*** Opening Information provided ***

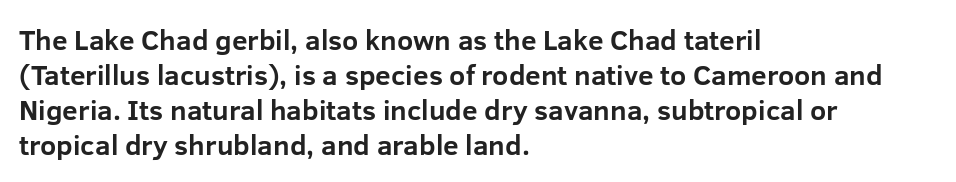
Q: Is the text bold? A: Yes.
Q: Is the text italic (slanted)? A: No, it is upright.
Q: Is the typeface a serif or a sans-serif typeface? A: Sans-serif.
Q: Is the text underlined? A: No.
Q: How is the paragraph aligned? A: Left-aligned.
Q: Is the spacing between letters normal or unusually wide? A: Normal.
Q: Is the spacing between lines tight, normal or loose? A: Normal.
Q: Width (condensed, normal, or wide)? A: Normal.
Q: Stroke contrast? A: Low.
Q: x-height? A: Medium.
Q: Monospaced? A: No.
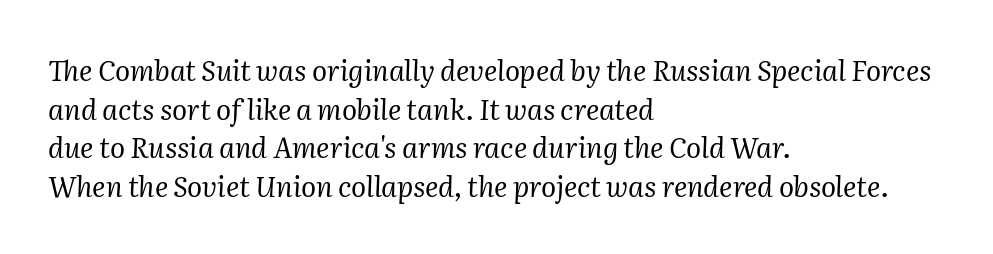
{"serif": "yes", "italic": "yes", "lean": "right", "slant_degrees": 2, "bold": "no", "weight": "regular", "width": "normal", "stroke_contrast": "medium", "x_height": "medium", "monospaced": "no", "underline": "no", "align": "left", "line_spacing": "normal", "line_spacing_ratio": 1.38, "letter_spacing": "normal", "letter_spacing_em": 0.0, "glyph_px": 28}
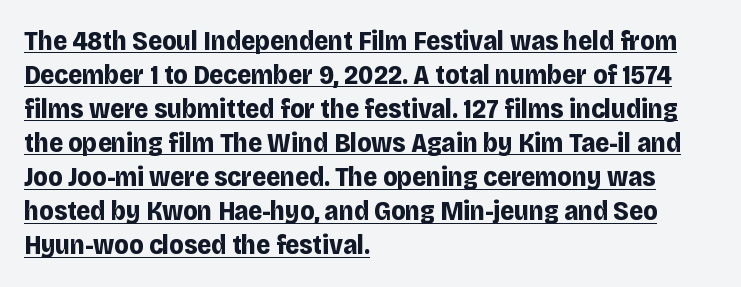
The image shows 27 px bold type, upright; set left-aligned, normal line spacing (1.26x), normal letter spacing, underlined.
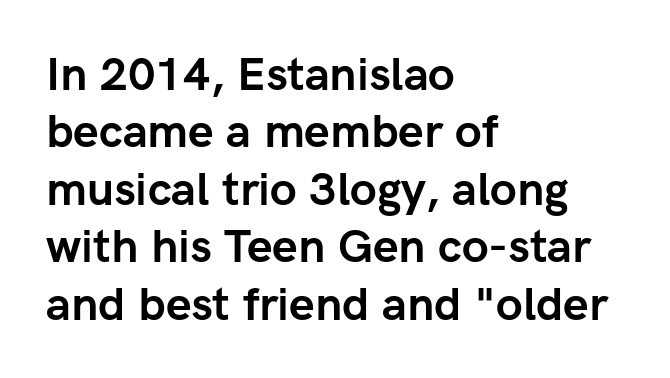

*** Closing Information provided ***

Return the lines of the records that include the string "text".

**Response to this exercise**.
Q: Is the text bold? A: Yes.
Q: Is the text italic (slanted)? A: No, it is upright.
Q: Is the text underlined? A: No.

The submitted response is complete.